The records below need to be repeated exactly, with every picture left out.

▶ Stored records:
————————
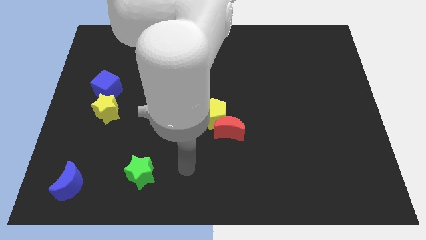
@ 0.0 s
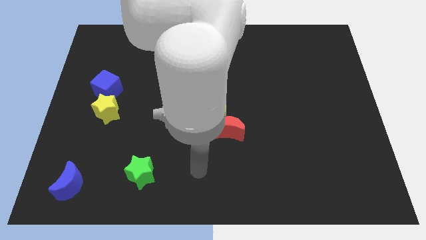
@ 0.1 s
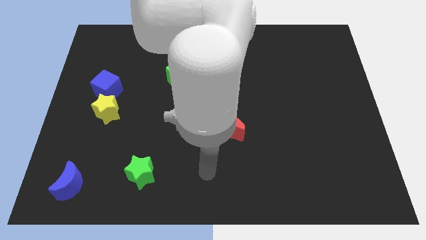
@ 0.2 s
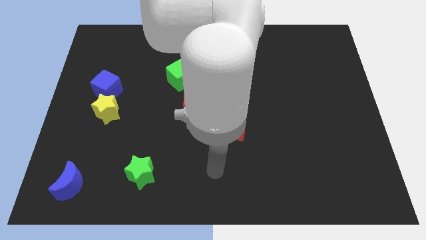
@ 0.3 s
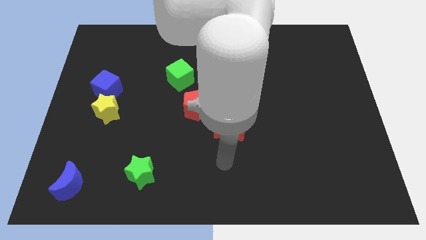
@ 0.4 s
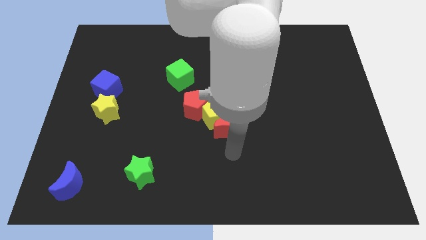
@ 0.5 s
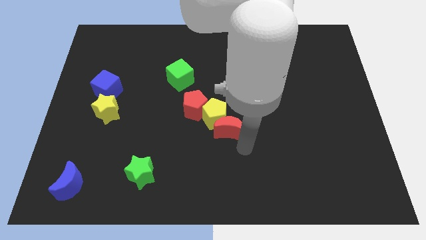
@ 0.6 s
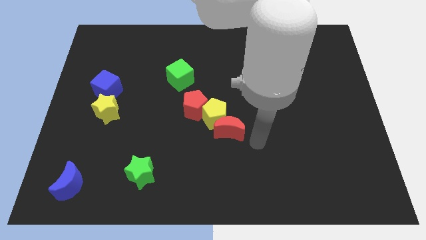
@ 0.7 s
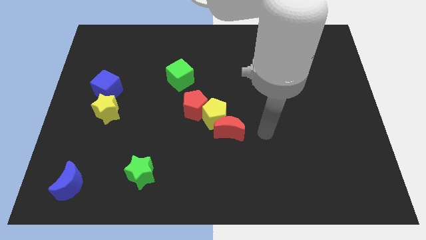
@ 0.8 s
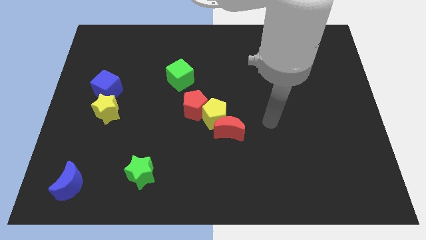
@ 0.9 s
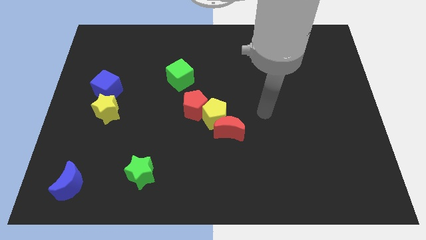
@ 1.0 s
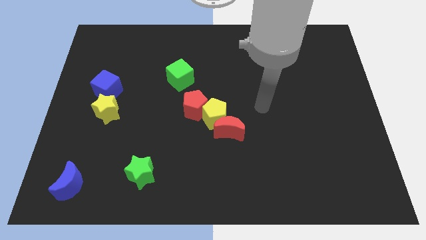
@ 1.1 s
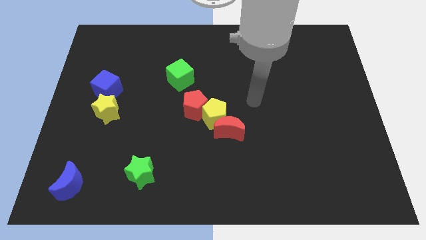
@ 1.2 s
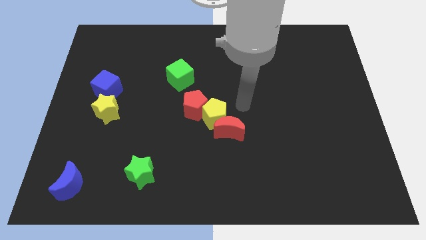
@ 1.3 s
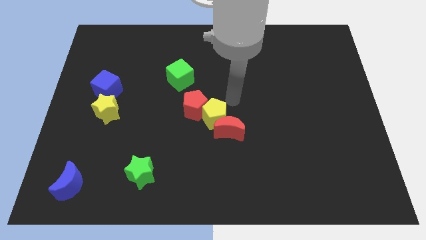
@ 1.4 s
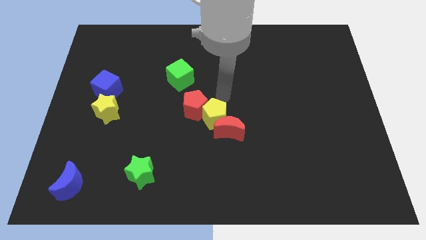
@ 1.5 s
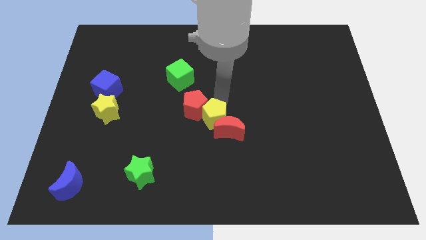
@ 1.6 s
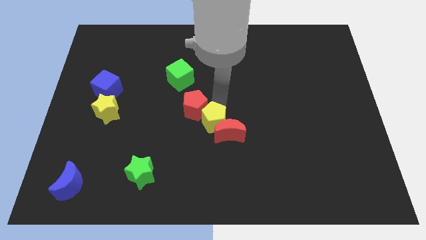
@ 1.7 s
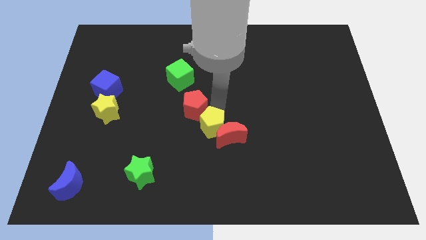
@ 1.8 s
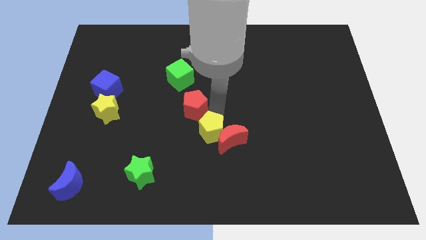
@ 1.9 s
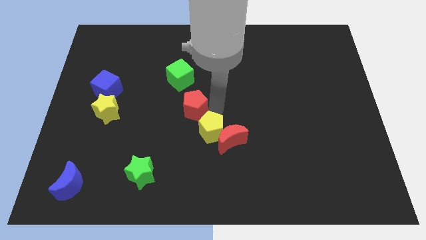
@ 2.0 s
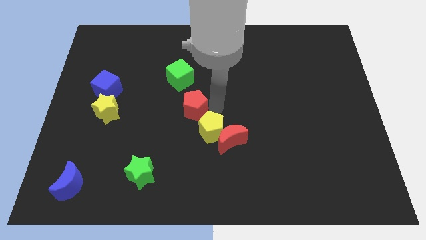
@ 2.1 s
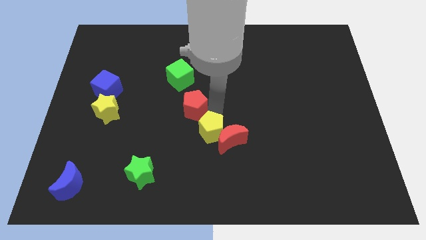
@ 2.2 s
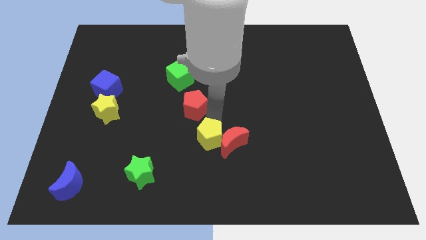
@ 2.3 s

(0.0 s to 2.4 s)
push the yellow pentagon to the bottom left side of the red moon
————————
▶ Written solution:
@ 0.0 s
@ 0.1 s
@ 0.2 s
@ 0.3 s
@ 0.4 s
@ 0.5 s
@ 0.6 s
@ 0.7 s
@ 0.8 s
@ 0.9 s
@ 1.0 s
@ 1.1 s
@ 1.2 s
@ 1.3 s
@ 1.4 s
@ 1.5 s
@ 1.6 s
@ 1.7 s
@ 1.8 s
@ 1.9 s
@ 2.0 s
@ 2.1 s
@ 2.2 s
@ 2.3 s

(0.0 s to 2.4 s)
push the yellow pentagon to the bottom left side of the red moon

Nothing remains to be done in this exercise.